Well you’re half right; Gödel doesn't say we can't know anything, he says you can't know everything.

> He is saying that even though there are statements

> which cannot be proven deductively, i.e. through the

> repeated application of rules of inference to a finite

> set of axioms, they can be shown to be true.

Quite untrue, he says some things are true but CANNOT be SHOWN to be true.

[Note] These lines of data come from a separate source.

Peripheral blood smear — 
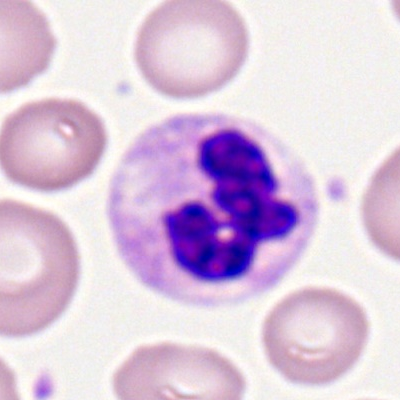
Specimen: peripheral blood film.
Classification: neutrophil (segmented).
Lineage: myeloid.
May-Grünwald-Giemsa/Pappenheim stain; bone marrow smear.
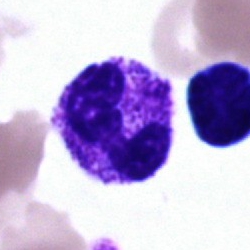 Impression → segmented neutrophil.
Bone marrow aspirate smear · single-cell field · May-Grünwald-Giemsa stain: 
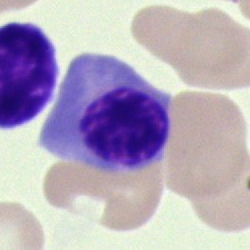 Morphology consistent with a normoblast.
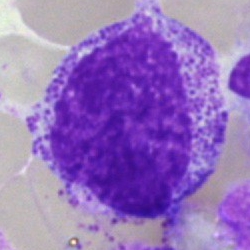 Specimen: bone marrow smear.
Classification: myelocyte.
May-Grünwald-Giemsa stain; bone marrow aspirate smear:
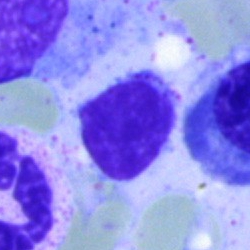 Specimen: bone marrow aspirate smear.
Cell type: typical lymphocyte.
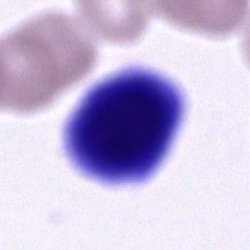
Q: What is the morphological classification of this cell?
A: A cell of indeterminate lineage.
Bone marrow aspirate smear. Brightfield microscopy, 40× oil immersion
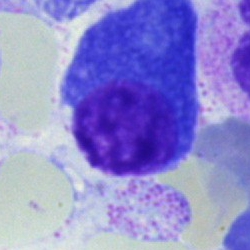Plasma cell.
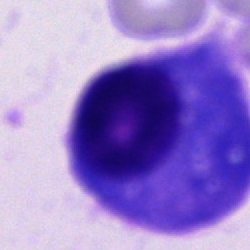 Impression — other cell.
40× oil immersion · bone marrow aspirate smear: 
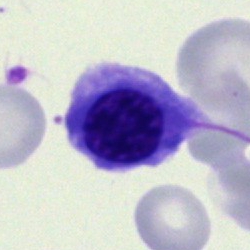

Specimen: bone marrow aspirate smear.
Classification: nucleated red cell.
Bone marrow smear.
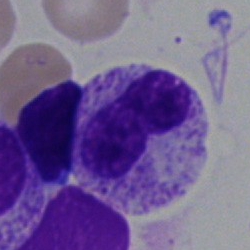

This is a band neutrophil.
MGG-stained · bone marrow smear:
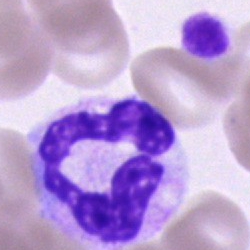 Single cell identified as a segmented neutrophil.
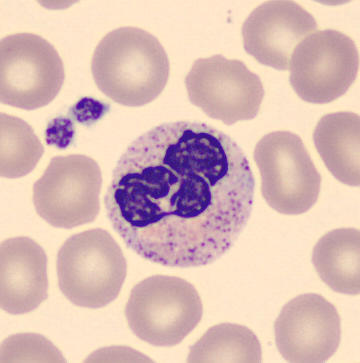

Classification — polymorphonuclear neutrophil.
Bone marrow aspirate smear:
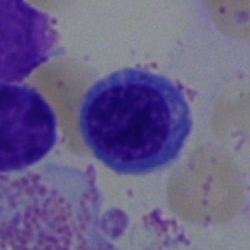Classification: normoblast.
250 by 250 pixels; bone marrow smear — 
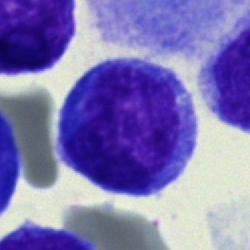The classification is undifferentiated blast.
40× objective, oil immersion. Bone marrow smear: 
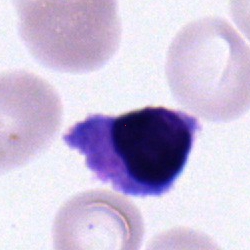Morphology consistent with a typical lymphocyte.
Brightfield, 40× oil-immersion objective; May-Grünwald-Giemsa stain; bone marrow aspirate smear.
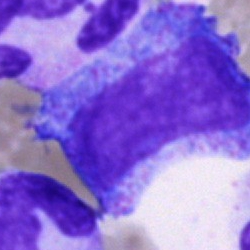

Q: What is shown here?
A: A progranulocyte.
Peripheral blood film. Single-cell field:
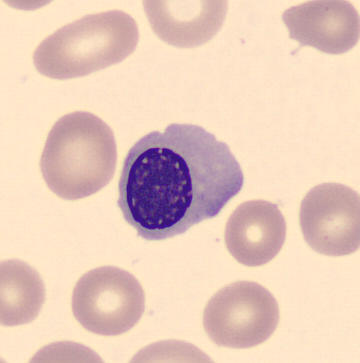

Specimen: peripheral blood film.
Morphological class: erythroblast.
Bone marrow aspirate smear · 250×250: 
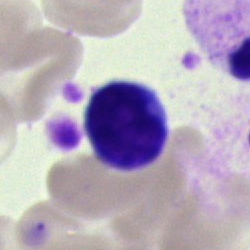
The morphological class is lymphocyte.
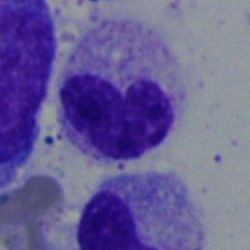

A band neutrophil on a bone marrow smear.
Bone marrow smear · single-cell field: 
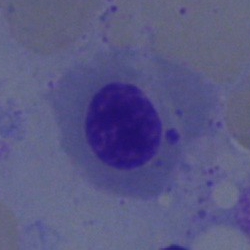 Classification = erythroblast.
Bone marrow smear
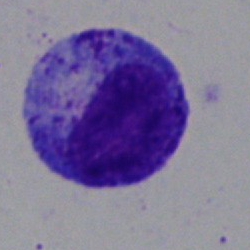Specimen: bone marrow aspirate smear.
Cell: myelocyte.
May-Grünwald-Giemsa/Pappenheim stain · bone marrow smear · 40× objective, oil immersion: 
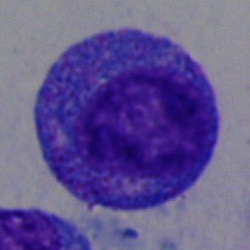 Classification — progranulocyte.
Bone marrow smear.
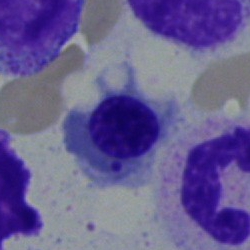 Impression — normoblast.
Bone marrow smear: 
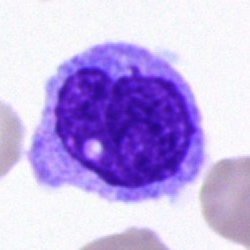
The cell is monocyte.
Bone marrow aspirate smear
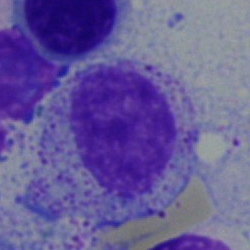 Q: Identify the cell.
A: A myelocyte.
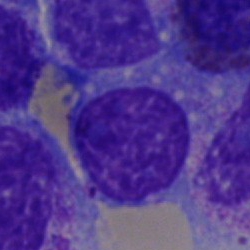
Cell type: undifferentiated blast.
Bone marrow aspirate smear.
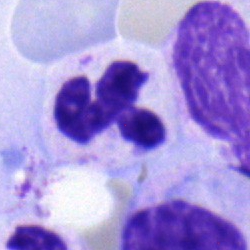 Impression → neutrophil (segmented).

For example take the Goldbach Conjecture, it

states that every even number greater that 4 is the sum of two primes greater than 2. Let's try it for some numbers:

6=3+3

8=5+5

10=3+7

12=5+7

14=3+11

16=3+13

18=7+11

20=3+17

22=5+17

24=7+17

26=7+19

28=11+17

30=11+19

This all looks very promising, but is it true for all even numbers? Checking all even numbers one by one would take an infinite number of steps, to test it in finite number of steps I need a proof, but I don't have one, nobody does. The Goldbach Conjecture was first proposed almost 300 years ago and since that time the top minds in mathematics have looked for a proof but have come up empty. Perhaps nobody has found a proof because it's not true. Could be, but modern computers have looked for a counterexample, they've gone up to a trillion or so and it works every time. Now a trillion is a big number but it's no closer to being infinite than the number 1 is, so perhaps The Goldbach Conjecture will fail at a trillion + 2 or a trillion to the trillionth power. It's also possible that some brilliant mathematician will come up with a proof tomorrow, as happened with Fermat's last theorem, but there is yet another possibility, it could be un-provable.

The Goldbach Conjecture is either true or it's not, Godel never denied that, the question is, will we ever know if it's true or not? According to Gödel some statements are un-provable, if The Goldbach Conjecture is one of these it means that it's true so we'll never find a counterexample to prove it wrong, and it means we'll never find a proof to show it's correct. For a few years after Gödel made his discovery it was hoped that we could at least identify statements that were either false or true but had no proof. If we could do that then we would know we were wasting our time looking for a proof and we could move on to other things, but in 1935 Turing proved that sometimes even that was impossible.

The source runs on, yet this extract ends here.